METHODS: Data from 97 nationwide cases were analyzed using the CEDD-NET web system. Diagnostic, follow-up findings, and final heights of patients were evaluated.
RESULTS: Mean age at admission was 13.54 ± 4.71 years, with delayed puberty as the most common complaint. Hypertension was detected in 65% at presentation; hypokalemia was present in 34%. Genetic analysis revealed Exon 1-6 homozygous deletion as the most frequent mutation, identified in 42 cases. Hydrocortisone replacement was universal; pubertal replacement was administered to 66 cases. Antihypertensive treatment was required in 57 (90%) patients. Thirty-seven cases reached final height, with an average SD of 0.015 in 46,XX and -1.43 in 46,XY. Thelarche and pubarche did not develop properly in some cases despite estradiol treatment.
CONCLUSIONS: This study represents the largest cohort of pediatric cases of 17-hydroxylase deficiency (17OHD) documented in the literature. Hypertension and hypokalemia can serve as guiding indicators for early diagnosis.The final height is typically considered to be normal. The relationship between genotype and phenotype remains elusive. The initial genetic test for exon 1-6 deletions may be MLPA in our region.
方法:使用CEDD-NET网络系统对来自全国97例病例的数据进行分析。诊断,后续调查结果,并对患者的最终身高进行了评估。

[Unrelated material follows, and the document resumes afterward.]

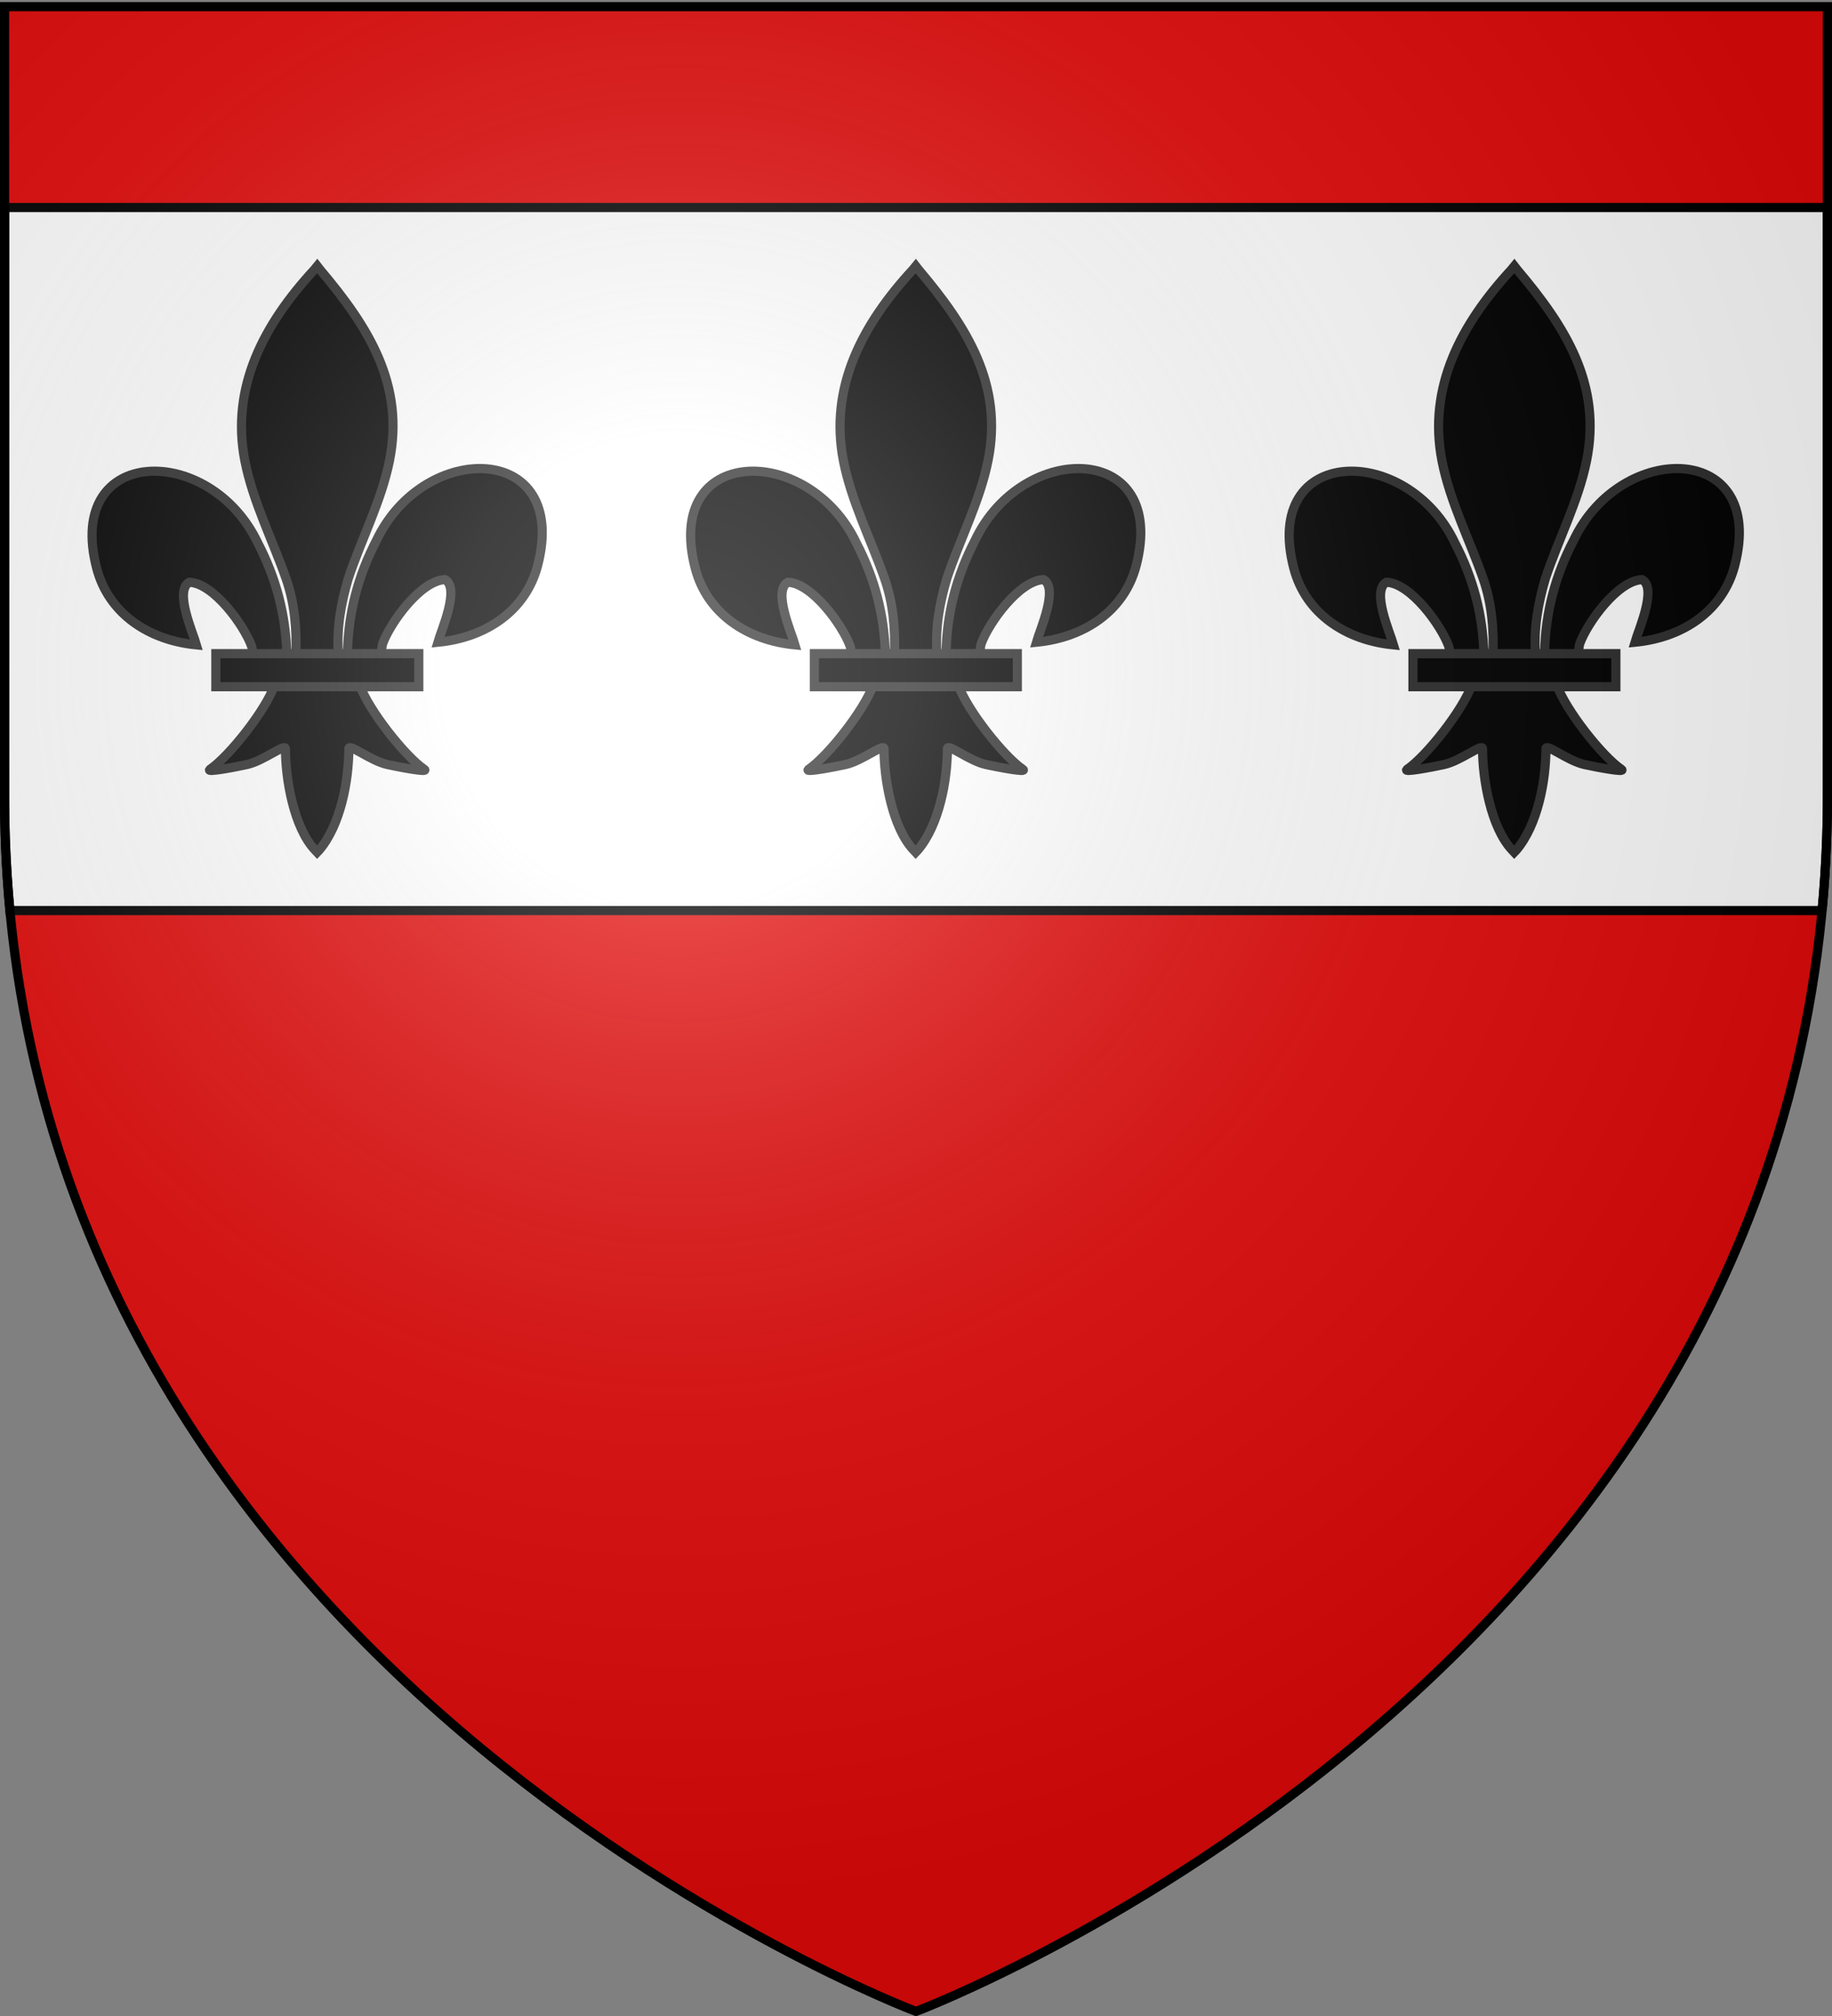 <svg xmlns="http://www.w3.org/2000/svg" xmlns:xlink="http://www.w3.org/1999/xlink" width="600" height="660" version="1.0"><rect width="100%" height="100%" fill="#808080" stroke="none"/><defs><linearGradient id="b"><stop offset="0" style="stop-color:white;stop-opacity:.314"/><stop offset=".19" style="stop-color:white;stop-opacity:.251"/><stop offset=".6" style="stop-color:#6b6b6b;stop-opacity:.125"/><stop offset="1" style="stop-color:black;stop-opacity:.125"/></linearGradient><linearGradient id="a"><stop offset="0" style="stop-color:#fd0000;stop-opacity:1"/><stop offset=".5" style="stop-color:#e77275;stop-opacity:.659"/><stop offset="1" style="stop-color:black;stop-opacity:.323"/></linearGradient><radialGradient xlink:href="#b" id="c" cx="221.445" cy="226.331" r="300" fx="221.445" fy="226.331" gradientTransform="matrix(1.353 0 0 1.349 -77.63 -85.747)" gradientUnits="userSpaceOnUse"/></defs><g style="display:inline"><path d="M300 658.5s298.5-112.32 298.5-397.772V2.176H1.5v258.552C1.5 546.18 300 658.5 300 658.5z" style="fill:#e20909;fill-opacity:1;fill-rule:evenodd;stroke:none;stroke-width:1px;stroke-linecap:butt;stroke-linejoin:miter;stroke-opacity:1"/></g><path d="M1.5 67.938v192.78c0 12.799.604 25.268 1.75 37.376h593.5a396.54 396.54 0 0 0 1.75-37.375V67.938H1.5z" style="fill:#fff;fill-opacity:1;fill-rule:evenodd;stroke:#000;stroke-width:3;stroke-linecap:round;stroke-linejoin:miter;stroke-miterlimit:4;stroke-dashoffset:0;stroke-opacity:1"/><g style="fill:#000;fill-opacity:1;stroke:#2d2d2d;stroke-width:3.081;stroke-miterlimit:4;stroke-dasharray:none;stroke-opacity:1;display:inline"><path d="M312.602 331.56c.306-13.34 3.607-25.74 9.751-37.49 16.088-33.845 65.225-33.036 54.394 8.357-3.992 15.254-17.55 24.218-33.659 25.756 1.163-4.02 7.558-18.227 2.395-21.007-8.255.312-18.505 14.578-20.97 21.381-.356.977-.257 2.106-.654 3.067" style="fill:#000;fill-opacity:1;fill-rule:evenodd;stroke:#2d2d2d;stroke-width:3.081;stroke-linecap:butt;stroke-linejoin:miter;marker-start:none;stroke-miterlimit:4;stroke-dasharray:none;stroke-opacity:1;display:inline" transform="matrix(.971 0 0 .976 6.301 -110.051)"/><path d="M292.138 332.442c-.307-13.34-3.607-25.74-9.752-37.49-16.087-33.845-65.224-33.036-54.393 8.357 3.992 15.254 17.55 24.218 33.659 25.756-1.163-4.02-7.558-18.227-2.396-21.007 8.255.312 18.506 14.578 20.971 21.381.356.977.256 2.106.654 3.067" style="fill:#000;fill-opacity:1;fill-rule:evenodd;stroke:#2d2d2d;stroke-width:3.081;stroke-linecap:butt;stroke-linejoin:miter;marker-start:none;stroke-miterlimit:4;stroke-dasharray:none;stroke-opacity:1" transform="matrix(.971 0 0 .976 6.301 -110.051)"/><path d="M301.419 203.195c-16.949 18.27-28.328 39.396-23.423 64.172 2.707 13.67 9.268 26.33 13.895 39.498 2.893 8.262 3.633 16.892 3.29 25.576h14.38c-.688-8.747.82-17.225 3.29-25.576 4.409-13.25 11.116-25.818 13.895-39.498 5.195-25.575-7-44.864-23.349-64.09l-.999-1.275-.979 1.193z" style="fill:#000;fill-opacity:1;fill-rule:nonzero;stroke:#2d2d2d;stroke-width:3.081;stroke-linecap:butt;stroke-linejoin:miter;marker-start:none;stroke-miterlimit:4;stroke-dasharray:none;stroke-opacity:1" transform="matrix(.971 0 0 .976 6.301 -110.051)"/><path d="M288.009 342.568c-3.007 8.425-15.264 23.856-21.775 28.254-1.688 1.14 8.072-.657 12.442-1.615 5.731-1.256 13.181-7.363 13.007-5.208-.017 9.87 2.758 26.339 9.992 33.906l.685.73.708-.73c7.23-8.434 9.955-23.263 9.992-33.906-.175-2.155 7.275 3.952 13.006 5.208 4.37.958 14.13 2.756 12.442 1.615-6.51-4.398-18.761-19.829-21.768-28.254H288.01z" style="fill:#000;fill-opacity:1;fill-rule:evenodd;stroke:#2d2d2d;stroke-width:3.081;stroke-linecap:butt;stroke-linejoin:miter;marker-start:none;stroke-miterlimit:4;stroke-dasharray:none;stroke-opacity:1" transform="matrix(.971 0 0 .976 6.301 -110.051)"/><path d="M268.201 332.013h68.448v11.09h-68.448z" style="fill:#000;fill-opacity:1;stroke:#2d2d2d;stroke-width:3.081;stroke-miterlimit:4;stroke-dasharray:none;stroke-opacity:1" transform="matrix(.971 0 0 .976 6.301 -110.051)"/></g><g style="fill:#000;fill-opacity:1;stroke:#2d2d2d;stroke-width:3.081;stroke-miterlimit:4;stroke-dasharray:none;stroke-opacity:1;display:inline"><path d="M312.602 331.56c.306-13.34 3.607-25.74 9.751-37.49 16.088-33.845 65.225-33.036 54.394 8.357-3.992 15.254-17.55 24.218-33.659 25.756 1.163-4.02 7.558-18.227 2.395-21.007-8.255.312-18.505 14.578-20.97 21.381-.356.977-.257 2.106-.654 3.067" style="fill:#000;fill-opacity:1;fill-rule:evenodd;stroke:#2d2d2d;stroke-width:3.081;stroke-linecap:butt;stroke-linejoin:miter;marker-start:none;stroke-miterlimit:4;stroke-dasharray:none;stroke-opacity:1;display:inline" transform="matrix(.971 0 0 .976 -189.73 -110.051)"/><path d="M292.138 332.442c-.307-13.34-3.607-25.74-9.752-37.49-16.087-33.845-65.224-33.036-54.393 8.357 3.992 15.254 17.55 24.218 33.659 25.756-1.163-4.02-7.558-18.227-2.396-21.007 8.255.312 18.506 14.578 20.971 21.381.356.977.256 2.106.654 3.067" style="fill:#000;fill-opacity:1;fill-rule:evenodd;stroke:#2d2d2d;stroke-width:3.081;stroke-linecap:butt;stroke-linejoin:miter;marker-start:none;stroke-miterlimit:4;stroke-dasharray:none;stroke-opacity:1" transform="matrix(.971 0 0 .976 -189.73 -110.051)"/><path d="M301.419 203.195c-16.949 18.27-28.328 39.396-23.423 64.172 2.707 13.67 9.268 26.33 13.895 39.498 2.893 8.262 3.633 16.892 3.29 25.576h14.38c-.688-8.747.82-17.225 3.29-25.576 4.409-13.25 11.116-25.818 13.895-39.498 5.195-25.575-7-44.864-23.349-64.09l-.999-1.275-.979 1.193z" style="fill:#000;fill-opacity:1;fill-rule:nonzero;stroke:#2d2d2d;stroke-width:3.081;stroke-linecap:butt;stroke-linejoin:miter;marker-start:none;stroke-miterlimit:4;stroke-dasharray:none;stroke-opacity:1" transform="matrix(.971 0 0 .976 -189.73 -110.051)"/><path d="M288.009 342.568c-3.007 8.425-15.264 23.856-21.775 28.254-1.688 1.14 8.072-.657 12.442-1.615 5.731-1.256 13.181-7.363 13.007-5.208-.017 9.87 2.758 26.339 9.992 33.906l.685.73.708-.73c7.23-8.434 9.955-23.263 9.992-33.906-.175-2.155 7.275 3.952 13.006 5.208 4.37.958 14.13 2.756 12.442 1.615-6.51-4.398-18.761-19.829-21.768-28.254H288.01z" style="fill:#000;fill-opacity:1;fill-rule:evenodd;stroke:#2d2d2d;stroke-width:3.081;stroke-linecap:butt;stroke-linejoin:miter;marker-start:none;stroke-miterlimit:4;stroke-dasharray:none;stroke-opacity:1" transform="matrix(.971 0 0 .976 -189.73 -110.051)"/><path d="M268.201 332.013h68.448v11.09h-68.448z" style="fill:#000;fill-opacity:1;stroke:#2d2d2d;stroke-width:3.081;stroke-miterlimit:4;stroke-dasharray:none;stroke-opacity:1" transform="matrix(.971 0 0 .976 -189.73 -110.051)"/></g><g style="fill:#000;fill-opacity:1;stroke:#2d2d2d;stroke-width:3.081;stroke-miterlimit:4;stroke-dasharray:none;stroke-opacity:1;display:inline"><path d="M312.602 331.56c.306-13.34 3.607-25.74 9.751-37.49 16.088-33.845 65.225-33.036 54.394 8.357-3.992 15.254-17.55 24.218-33.659 25.756 1.163-4.02 7.558-18.227 2.395-21.007-8.255.312-18.505 14.578-20.97 21.381-.356.977-.257 2.106-.654 3.067" style="fill:#000;fill-opacity:1;fill-rule:evenodd;stroke:#2d2d2d;stroke-width:3.081;stroke-linecap:butt;stroke-linejoin:miter;marker-start:none;stroke-miterlimit:4;stroke-dasharray:none;stroke-opacity:1;display:inline" transform="matrix(.971 0 0 .976 202.333 -110.051)"/><path d="M292.138 332.442c-.307-13.34-3.607-25.74-9.752-37.49-16.087-33.845-65.224-33.036-54.393 8.357 3.992 15.254 17.55 24.218 33.659 25.756-1.163-4.02-7.558-18.227-2.396-21.007 8.255.312 18.506 14.578 20.971 21.381.356.977.256 2.106.654 3.067" style="fill:#000;fill-opacity:1;fill-rule:evenodd;stroke:#2d2d2d;stroke-width:3.081;stroke-linecap:butt;stroke-linejoin:miter;marker-start:none;stroke-miterlimit:4;stroke-dasharray:none;stroke-opacity:1" transform="matrix(.971 0 0 .976 202.333 -110.051)"/><path d="M301.419 203.195c-16.949 18.27-28.328 39.396-23.423 64.172 2.707 13.67 9.268 26.33 13.895 39.498 2.893 8.262 3.633 16.892 3.29 25.576h14.38c-.688-8.747.82-17.225 3.29-25.576 4.409-13.25 11.116-25.818 13.895-39.498 5.195-25.575-7-44.864-23.349-64.09l-.999-1.275-.979 1.193z" style="fill:#000;fill-opacity:1;fill-rule:nonzero;stroke:#2d2d2d;stroke-width:3.081;stroke-linecap:butt;stroke-linejoin:miter;marker-start:none;stroke-miterlimit:4;stroke-dasharray:none;stroke-opacity:1" transform="matrix(.971 0 0 .976 202.333 -110.051)"/><path d="M288.009 342.568c-3.007 8.425-15.264 23.856-21.775 28.254-1.688 1.14 8.072-.657 12.442-1.615 5.731-1.256 13.181-7.363 13.007-5.208-.017 9.87 2.758 26.339 9.992 33.906l.685.73.708-.73c7.23-8.434 9.955-23.263 9.992-33.906-.175-2.155 7.275 3.952 13.006 5.208 4.37.958 14.13 2.756 12.442 1.615-6.51-4.398-18.761-19.829-21.768-28.254H288.01z" style="fill:#000;fill-opacity:1;fill-rule:evenodd;stroke:#2d2d2d;stroke-width:3.081;stroke-linecap:butt;stroke-linejoin:miter;marker-start:none;stroke-miterlimit:4;stroke-dasharray:none;stroke-opacity:1" transform="matrix(.971 0 0 .976 202.333 -110.051)"/><path d="M268.201 332.013h68.448v11.09h-68.448z" style="fill:#000;fill-opacity:1;stroke:#2d2d2d;stroke-width:3.081;stroke-miterlimit:4;stroke-dasharray:none;stroke-opacity:1" transform="matrix(.971 0 0 .976 202.333 -110.051)"/></g><path d="M300 658.5s298.5-112.32 298.5-397.772V2.176H1.5v258.552C1.5 546.18 300 658.5 300 658.5z" style="opacity:1;fill:url(#c);fill-opacity:1;fill-rule:evenodd;stroke:none;stroke-width:1px;stroke-linecap:butt;stroke-linejoin:miter;stroke-opacity:1"/><path d="M300 658.5S1.5 546.18 1.5 260.728V2.176h597v258.552C598.5 546.18 300 658.5 300 658.5z" style="opacity:1;fill:none;fill-opacity:1;fill-rule:evenodd;stroke:#000;stroke-width:3;stroke-linecap:butt;stroke-linejoin:miter;stroke-miterlimit:4;stroke-dasharray:none;stroke-opacity:1"/></svg>

结果:入院时的平均年龄为13.54±4.71岁,青春期延迟是最常见的主诉。报告时检测到65%的高血压;低钾血症占34%。遗传分析显示外显子1-6纯合缺失是最常见的突变,发现42例。氢化可的松置换普遍;66例进行青春期置换。57例(90%)患者需要抗高血压治疗。37例达到最终高度,46,XX的平均SD为0.015,46,XY的平均SD为-1.43。尽管进行了雌二醇治疗,但在某些情况下,Thelarche和pubarche并未正常发育。
结论:本研究是文献中记录的17-羟化酶缺乏症(17OHD)儿科病例中最大的队列。高血压和低钾血症可作为早期诊断的指导指标。最终高度通常被认为是正常的。基因型和表型之间的关系仍然难以捉摸。外显子1-6缺失的初始遗传测试可能是我们地区的MLPA。